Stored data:

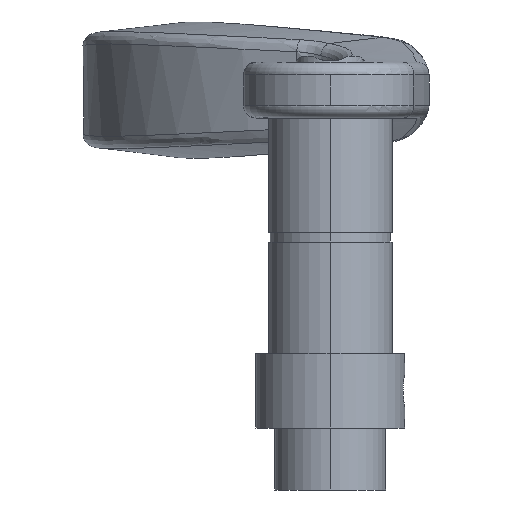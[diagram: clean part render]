
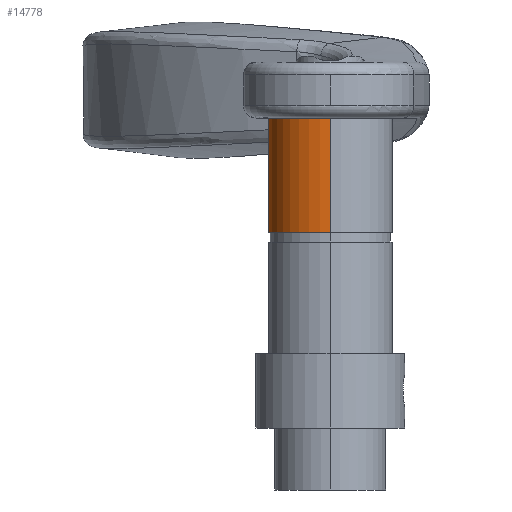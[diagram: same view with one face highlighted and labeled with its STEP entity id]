
A CAD part, left-side view. The second image highlights one B-rep face of the part: STEP entity #14778.
In plain terms, the highlighted cylindrical face has radius 10 mm (diameter 20 mm), a partial arc.
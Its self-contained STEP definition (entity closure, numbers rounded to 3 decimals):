
#193 = DIRECTION ( 'NONE',  ( 0., 0., -1. ) ) ;
#264 = CARTESIAN_POINT ( 'NONE',  ( -10., 0., -18.4 ) ) ;
#360 = CARTESIAN_POINT ( 'NONE',  ( 10., 0., 0. ) ) ;
#514 = CIRCLE ( 'NONE', #10852, 10. ) ;
#728 = CARTESIAN_POINT ( 'NONE',  ( -10., 0., 28.284 ) ) ;
#794 = VERTEX_POINT ( 'NONE', #360 ) ;
#955 = CARTESIAN_POINT ( 'NONE',  ( 10., 0., -18.4 ) ) ;
#1096 = EDGE_CURVE ( 'NONE', #2518, #4817, #514, .T. ) ;
#1550 = CIRCLE ( 'NONE', #2864, 10. ) ;
#1714 = DIRECTION ( 'NONE',  ( 0., 0., -1. ) ) ;
#1869 = DIRECTION ( 'NONE',  ( 0., 0., -1. ) ) ;
#2188 = DIRECTION ( 'NONE',  ( 0., 0., 1. ) ) ;
#2518 = VERTEX_POINT ( 'NONE', #955 ) ;
#2864 = AXIS2_PLACEMENT_3D ( 'NONE', #7006, #193, #8139 ) ;
#3023 = DIRECTION ( 'NONE',  ( 0., 0., -1. ) ) ;
#3967 = DIRECTION ( 'NONE',  ( -1., 0., 0. ) ) ;
#4369 = EDGE_CURVE ( 'NONE', #794, #2518, #13320, .T. ) ;
#4570 = VECTOR ( 'NONE', #3023, 1000. ) ;
#4817 = VERTEX_POINT ( 'NONE', #264 ) ;
#4992 = CYLINDRICAL_SURFACE ( 'NONE', #5357, 10. ) ;
#5357 = AXIS2_PLACEMENT_3D ( 'NONE', #10806, #1714, #3967 ) ;
#5717 = ORIENTED_EDGE ( 'NONE', *, *, #12980, .F. ) ;
#7006 = CARTESIAN_POINT ( 'NONE',  ( 0., 0., 0. ) ) ;
#7196 = CARTESIAN_POINT ( 'NONE',  ( -10., 0., 0. ) ) ;
#8139 = DIRECTION ( 'NONE',  ( 1., 0., 0. ) ) ;
#8260 = EDGE_CURVE ( 'NONE', #11949, #794, #1550, .T. ) ;
#8377 = EDGE_LOOP ( 'NONE', ( #10523, #9441, #9993, #5717 ) ) ;
#8986 = CARTESIAN_POINT ( 'NONE',  ( 0., 0., -18.4 ) ) ;
#9441 = ORIENTED_EDGE ( 'NONE', *, *, #4369, .T. ) ;
#9853 = CARTESIAN_POINT ( 'NONE',  ( 10., 0., 28.284 ) ) ;
#9993 = ORIENTED_EDGE ( 'NONE', *, *, #1096, .T. ) ;
#10131 = DIRECTION ( 'NONE',  ( -1., 0., 0. ) ) ;
#10523 = ORIENTED_EDGE ( 'NONE', *, *, #8260, .T. ) ;
#10806 = CARTESIAN_POINT ( 'NONE',  ( 0., 0., 28.284 ) ) ;
#10852 = AXIS2_PLACEMENT_3D ( 'NONE', #8986, #2188, #10131 ) ;
#11051 = FACE_OUTER_BOUND ( 'NONE', #8377, .T. ) ;
#11949 = VERTEX_POINT ( 'NONE', #7196 ) ;
#11974 = LINE ( 'NONE', #728, #14642 ) ;
#12980 = EDGE_CURVE ( 'NONE', #11949, #4817, #11974, .T. ) ;
#13320 = LINE ( 'NONE', #9853, #4570 ) ;
#14642 = VECTOR ( 'NONE', #1869, 1000. ) ;
#14778 = ADVANCED_FACE ( 'NONE', ( #11051 ), #4992, .T. ) ;
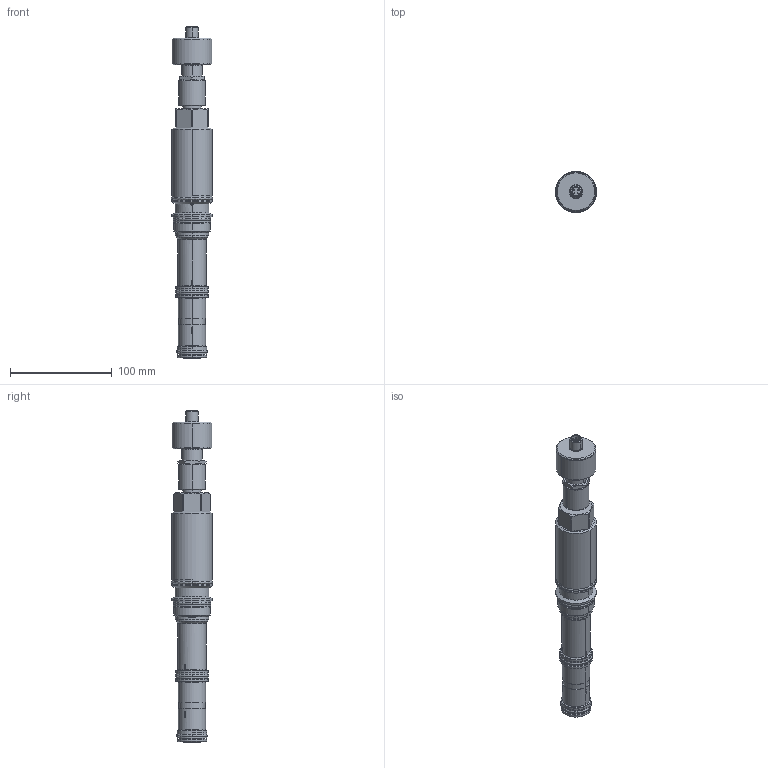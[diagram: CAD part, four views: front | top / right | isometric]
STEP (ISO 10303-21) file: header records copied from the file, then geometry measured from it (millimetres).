
FILE_DESCRIPTION((''),'2;1');
FILE_NAME('FTEAZ-CN_PRT','2013-09-04T',('Administrator'),(''),'PRO/ENGINEER BY PARAMETRIC TECHNOLOGY CORPORATION, 2006240','PRO/ENGINEER BY PARAMETRIC TECHNOLOGY CORPORATION, 2006240','');
FILE_SCHEMA(('CONFIG_CONTROL_DESIGN'));
Length unit declared in the file: inch
Products named in the file (1): FTEAZ-CN_PRT
Bounding box: 40.35 x 40.35 x 325.75 mm (x, y, z)
Volume: 252704.4 mm3; surface area: 53539.6 mm2
Topology: 5 solids, 7 shells, 391 faces, 892 edges, 547 vertices
Faces by surface type: cylinder 150, plane 105, cone 76, torus 44, revolution 16
Entity records: 12933 total; most frequent: CARTESIAN_POINT 3918, DIRECTION 2003, ORIENTED_EDGE 1784, EDGE_CURVE 892, AXIS2_PLACEMENT_3D 846, VERTEX_POINT 547, CIRCLE 471, EDGE_LOOP 441

**YOUR TASK**
In the entries above, please find the line with "#193 = DIRECTION" and the line with "#1550 = CIRCLE ( 'NONE', #2864, 10. ) ;", then write out exactly those two lines and every line between them, and nothing more.

**EXERCISE RESULT**
#193 = DIRECTION ( 'NONE',  ( 0., 0., -1. ) ) ;
#264 = CARTESIAN_POINT ( 'NONE',  ( -10., 0., -18.4 ) ) ;
#360 = CARTESIAN_POINT ( 'NONE',  ( 10., 0., 0. ) ) ;
#514 = CIRCLE ( 'NONE', #10852, 10. ) ;
#728 = CARTESIAN_POINT ( 'NONE',  ( -10., 0., 28.284 ) ) ;
#794 = VERTEX_POINT ( 'NONE', #360 ) ;
#955 = CARTESIAN_POINT ( 'NONE',  ( 10., 0., -18.4 ) ) ;
#1096 = EDGE_CURVE ( 'NONE', #2518, #4817, #514, .T. ) ;
#1550 = CIRCLE ( 'NONE', #2864, 10. ) ;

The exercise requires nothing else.